**Exercise objective**: Find the line with "Character: 拷" in the data below. Repeat it and every line after it exactly, but not the pictures.

Provided data below:

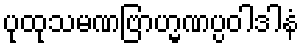
ပုထုသမဏဗြာဟ္မဏပ္ပဝါဒါနံ
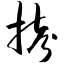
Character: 拷
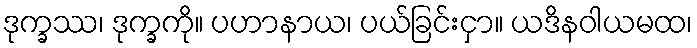
ဒုက္ခဿ၊ ဒုက္ခကို။ ပဟာနာယ၊ ပယ်ခြင်းငှာ။ ယဒိနဝါယမထ၊
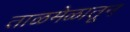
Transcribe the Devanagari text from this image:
ताळमेळातून
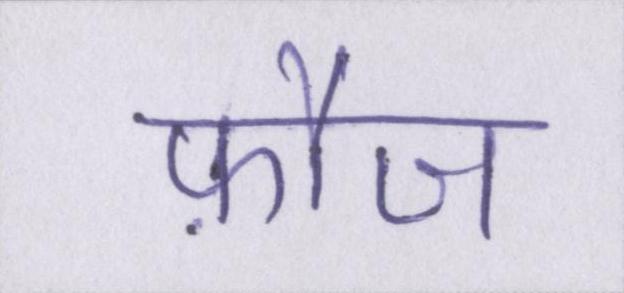
फ़ौज
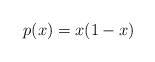
\begin{align*}p(x) = x(1-x)\end{align*}
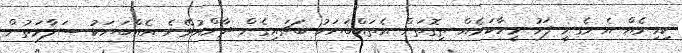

End of Provided data.

**Task answer**:
Character: 拷
ဒုက္ခဿ၊ ဒုက္ခကို။ ပဟာနာယ၊ ပယ်ခြင်းငှာ။ ယဒိနဝါယမထ၊
Transcribe the Devanagari text from this image:
ताळमेळातून
फ़ौज
\begin{align*}p(x) = x(1-x)\end{align*}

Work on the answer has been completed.